Following the recent approval of cryptocurrency ETF products in the region, Hong Kong-based investment firm Victory Securities has revealed its proposed fees to investors for Bitcoin and Ethereum exchange-traded funds (ETFs). Despite the Hong Kong Securities and Futures Commission (SFC) not yet publishing the list of approved ETF issuers, Victory Securities has outlined its proposed fees. If approved by the SFC, customers of Victory Securities will encounter proposed fees for Ethereum and Bitcoin ETF shares in the primary market. These fees are set at 0.5% to 1% of the total transaction, with a minimum fee of $850, as per a translated report excerpt shared by Wu Blockchain on April 20. For investors looking to trade existing ETF shares on the secondary market, online transactions will incur fees of 0.15%, while telephone transactions will be subject to a 0.25% fee.
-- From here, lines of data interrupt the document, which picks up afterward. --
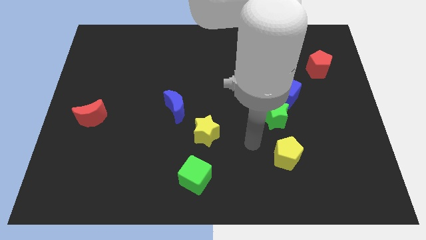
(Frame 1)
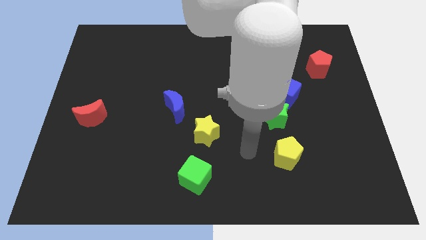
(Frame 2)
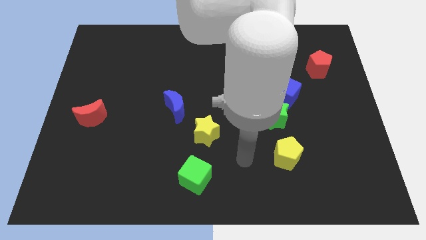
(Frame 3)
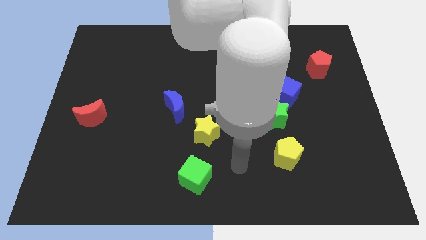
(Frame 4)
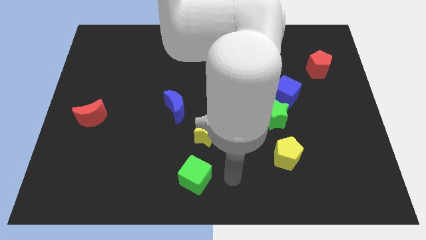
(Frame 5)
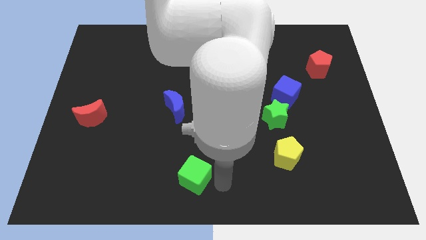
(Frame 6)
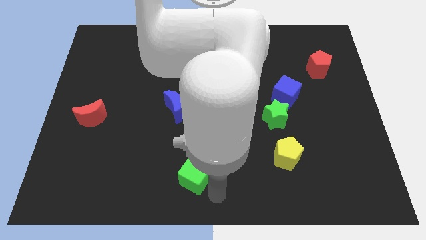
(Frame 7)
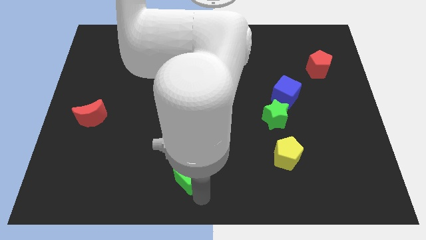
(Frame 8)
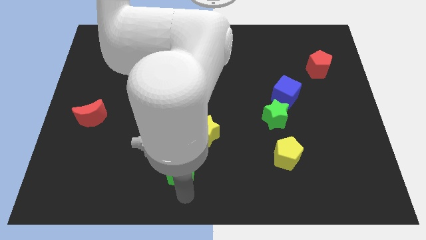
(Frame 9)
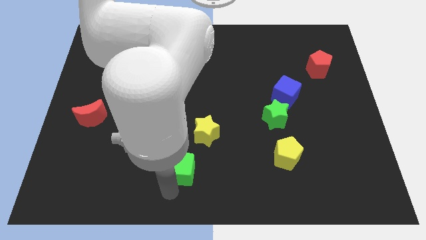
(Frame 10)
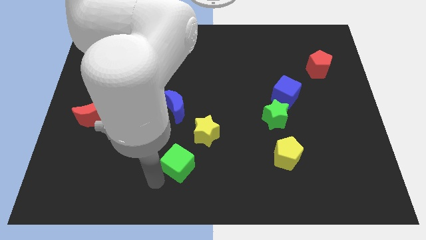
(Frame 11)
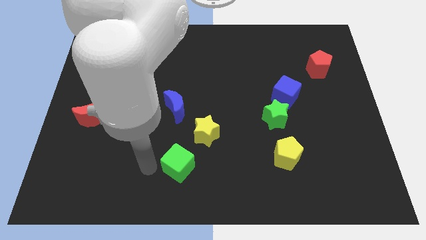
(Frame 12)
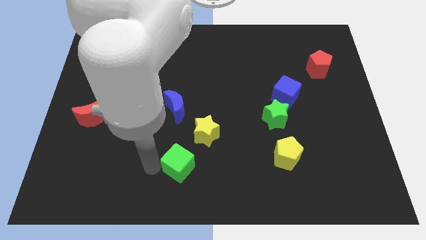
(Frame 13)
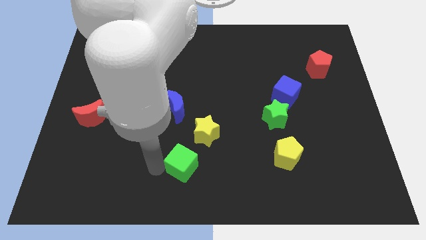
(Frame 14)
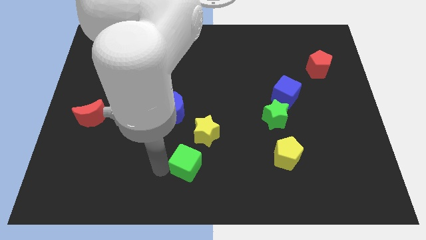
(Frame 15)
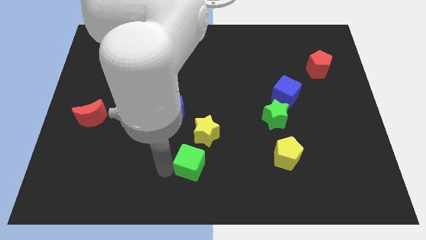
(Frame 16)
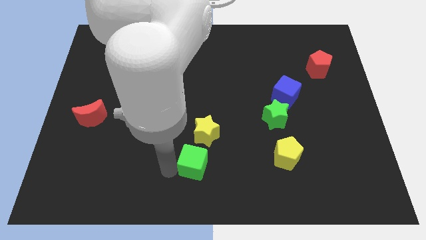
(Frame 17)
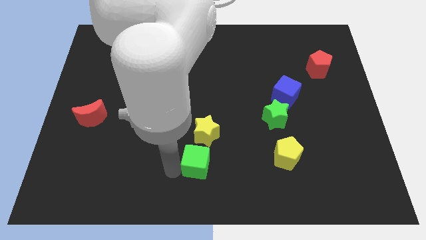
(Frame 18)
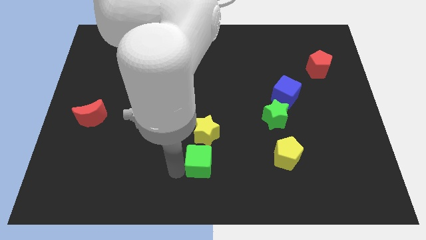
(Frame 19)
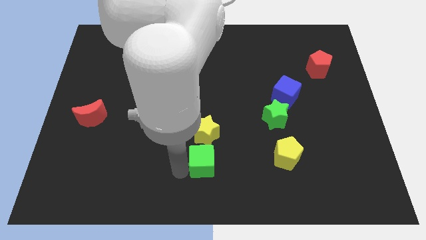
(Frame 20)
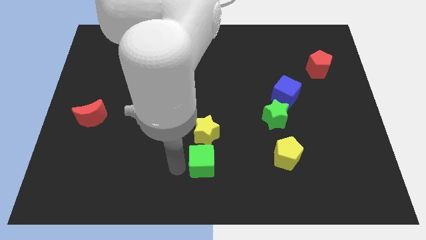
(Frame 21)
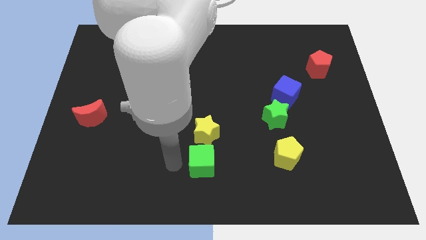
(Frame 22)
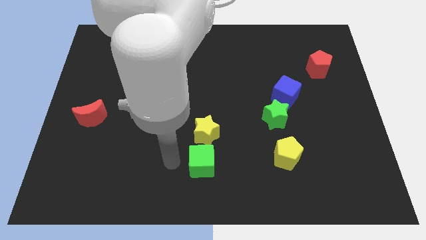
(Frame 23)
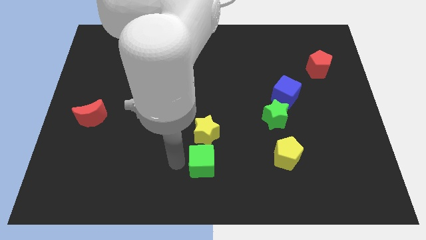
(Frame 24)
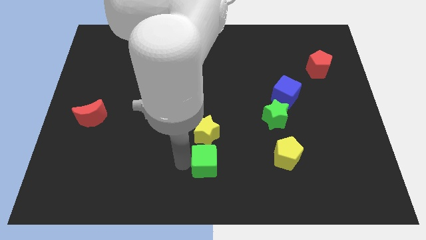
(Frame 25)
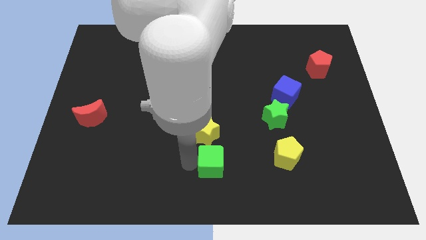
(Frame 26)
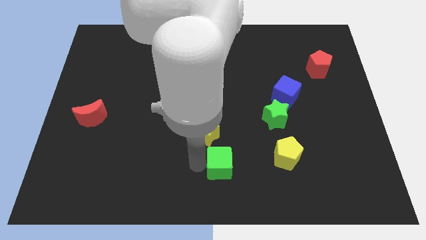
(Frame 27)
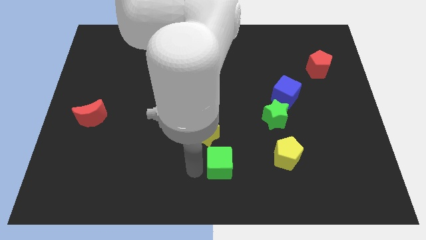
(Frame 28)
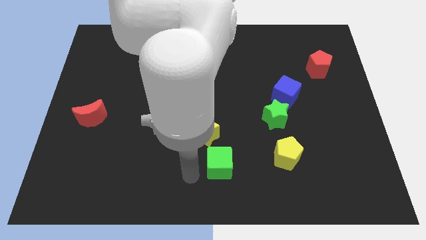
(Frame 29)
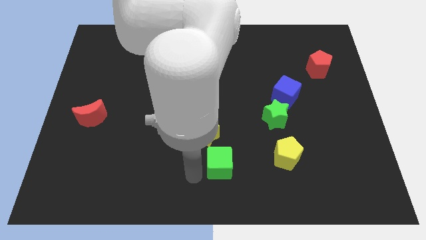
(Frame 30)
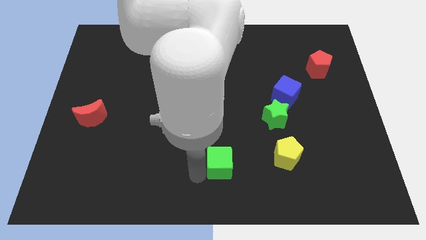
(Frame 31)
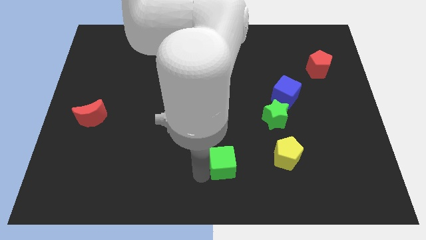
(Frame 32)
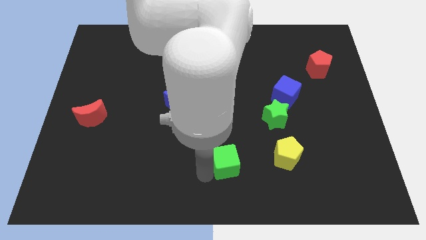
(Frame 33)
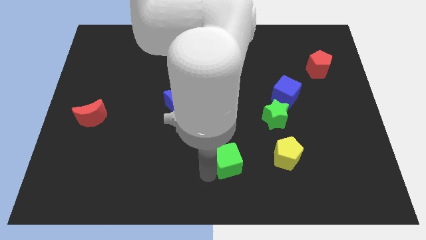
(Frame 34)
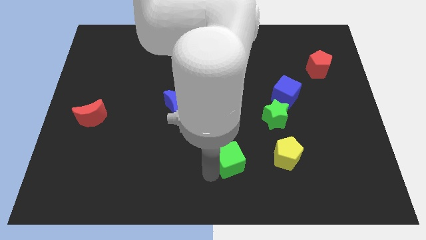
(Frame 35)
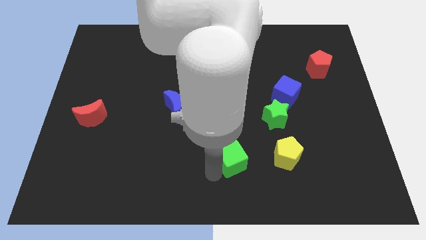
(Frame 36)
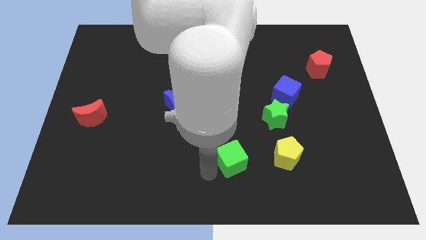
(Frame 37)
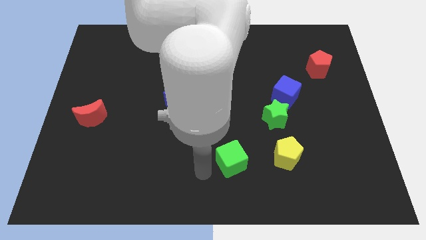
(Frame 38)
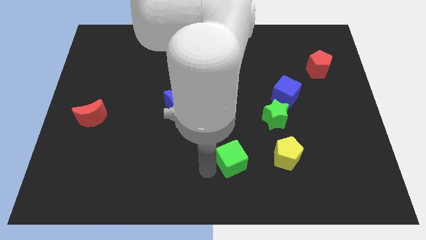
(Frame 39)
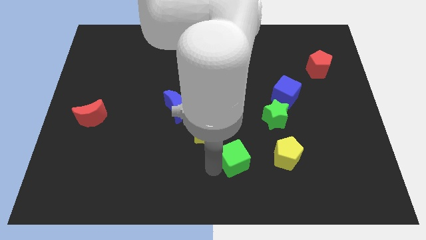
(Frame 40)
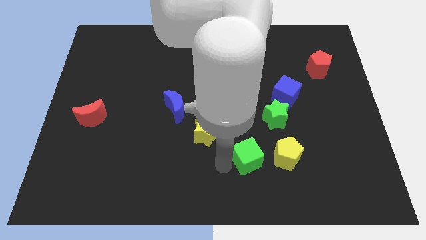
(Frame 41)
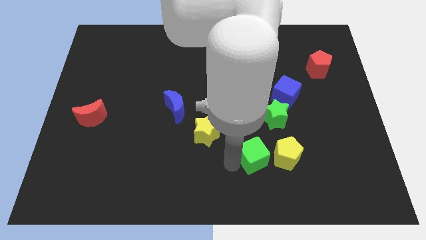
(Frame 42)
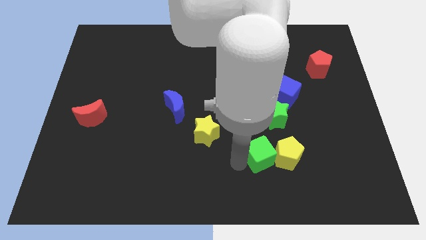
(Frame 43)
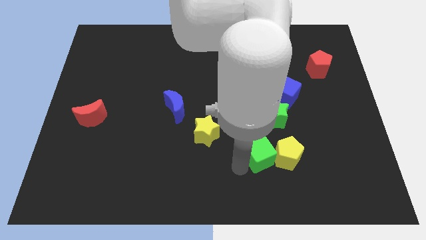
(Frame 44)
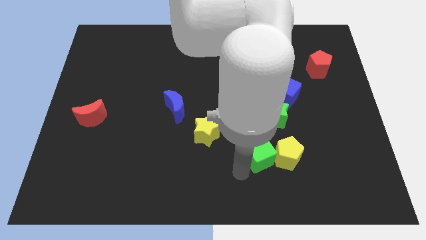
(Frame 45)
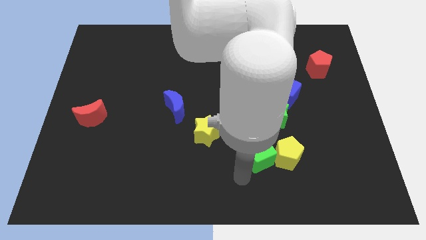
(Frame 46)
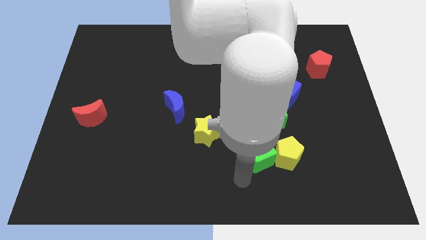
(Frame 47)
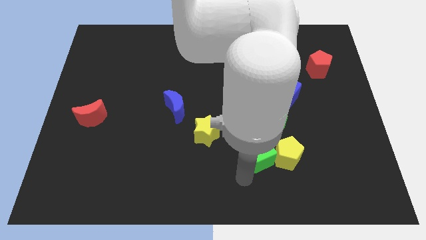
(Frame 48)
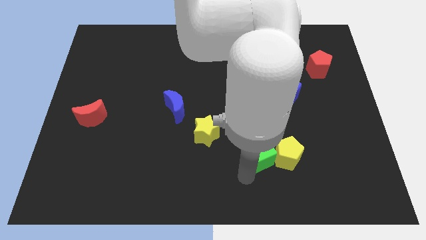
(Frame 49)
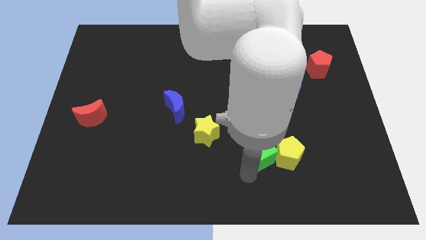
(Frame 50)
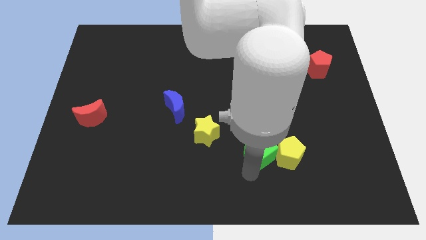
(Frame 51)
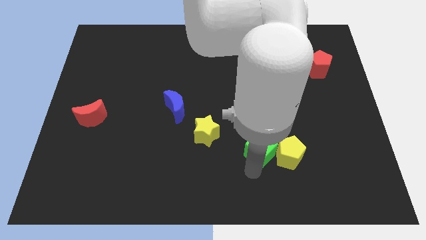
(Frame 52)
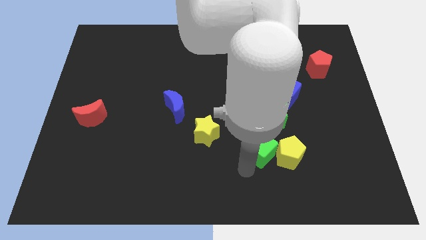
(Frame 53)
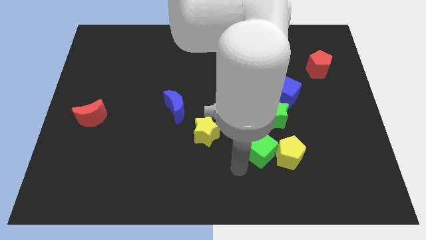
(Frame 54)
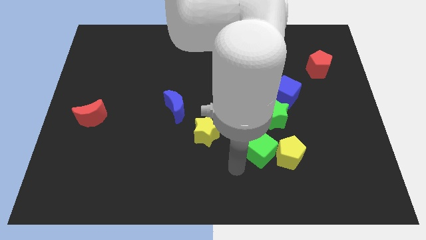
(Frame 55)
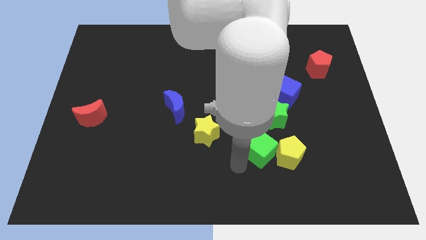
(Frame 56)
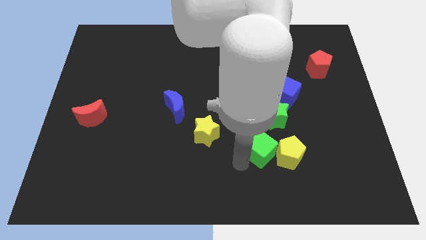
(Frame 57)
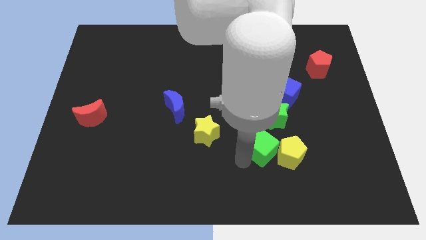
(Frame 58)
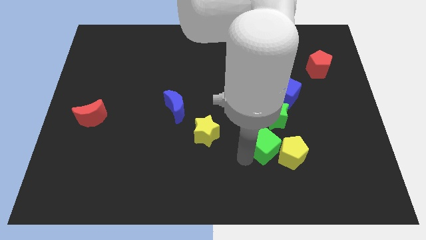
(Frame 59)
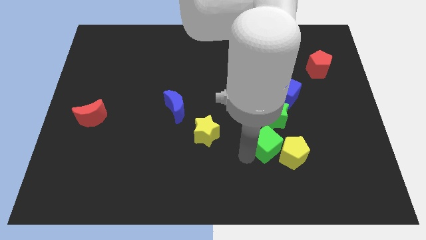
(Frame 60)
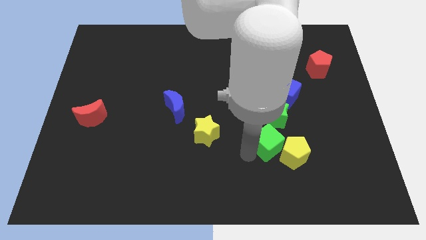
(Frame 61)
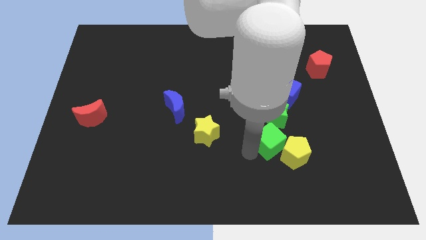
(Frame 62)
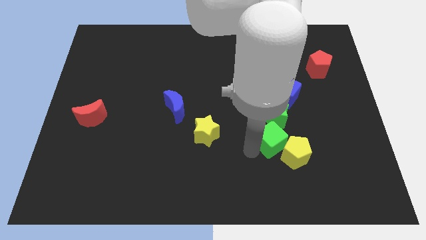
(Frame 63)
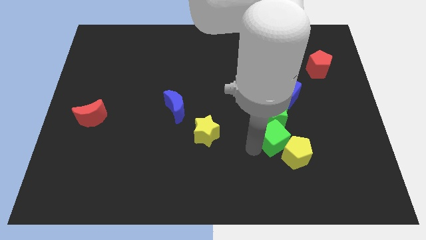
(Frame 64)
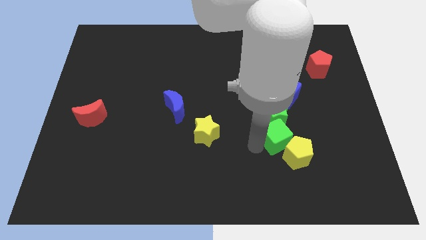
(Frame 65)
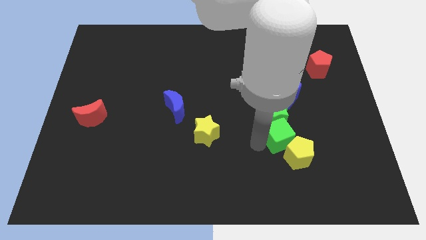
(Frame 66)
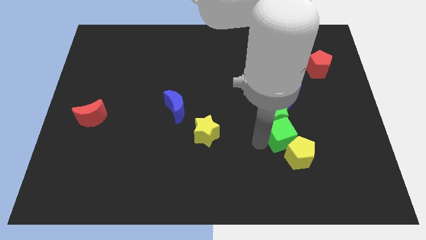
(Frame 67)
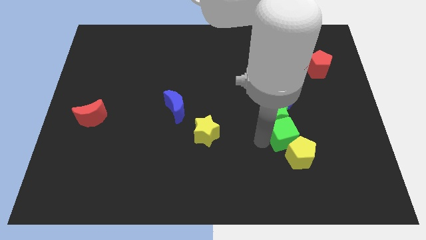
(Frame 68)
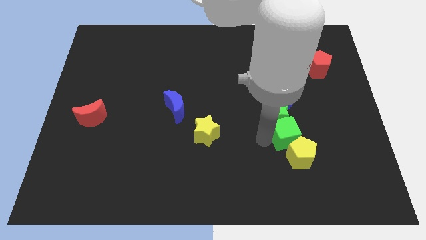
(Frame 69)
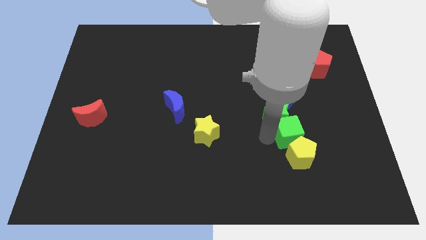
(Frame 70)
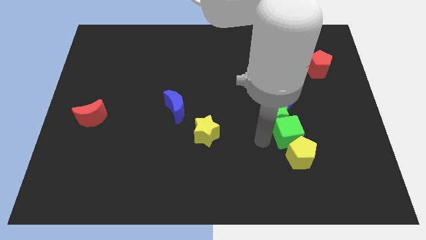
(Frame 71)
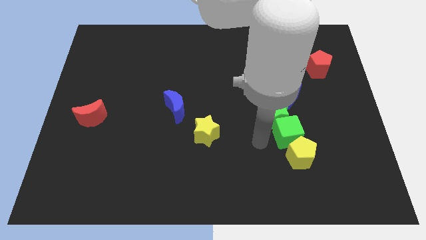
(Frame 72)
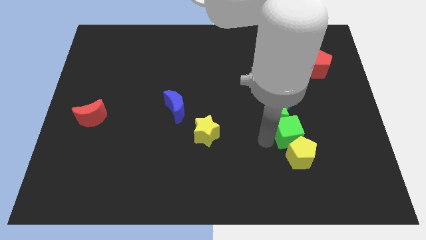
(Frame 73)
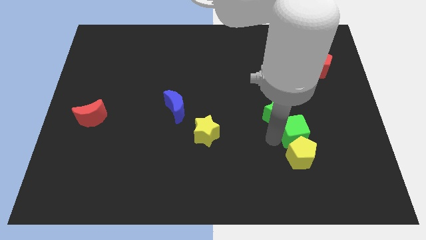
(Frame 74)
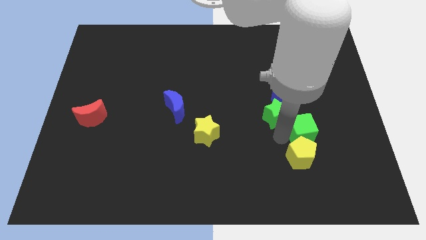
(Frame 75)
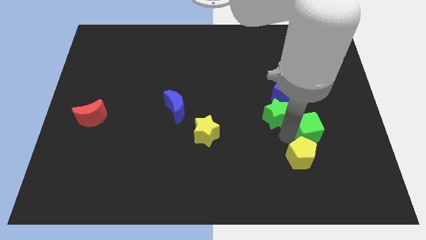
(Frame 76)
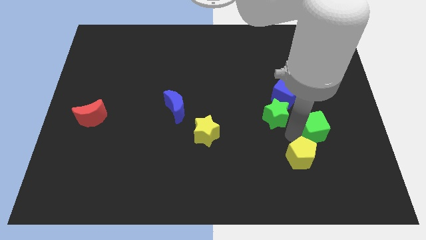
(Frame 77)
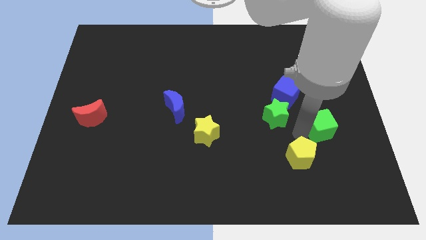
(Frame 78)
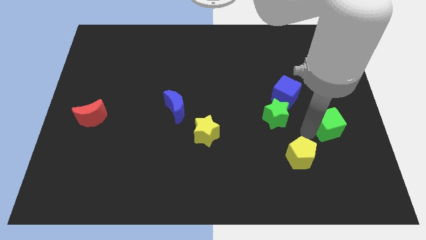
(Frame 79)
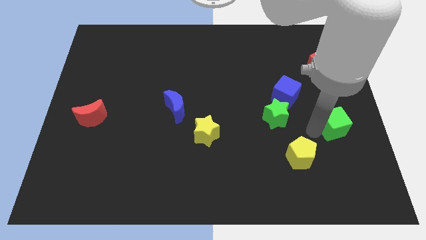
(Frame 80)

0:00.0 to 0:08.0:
push the green cube to the right side of the board

Ethereum Highlights of the Week
OKX has debuted its proprietary Ethereum-based zero-knowledge Layer 2 network, known as X Layer, on the mainnet, with the goal of incorporating its 50 million users into the ecosystem. Developed utilizing Polygon's Chain Development Kit, this network supports over 170 decentralized applications and utilizes OKX's platform token, OKB, for transaction fee payments. X Layer aims to boost transaction throughput, lower costs, and uphold Ethereum's security standards. Additionally, its integration with the AggLayer enables shared liquidity across various blockchain networks.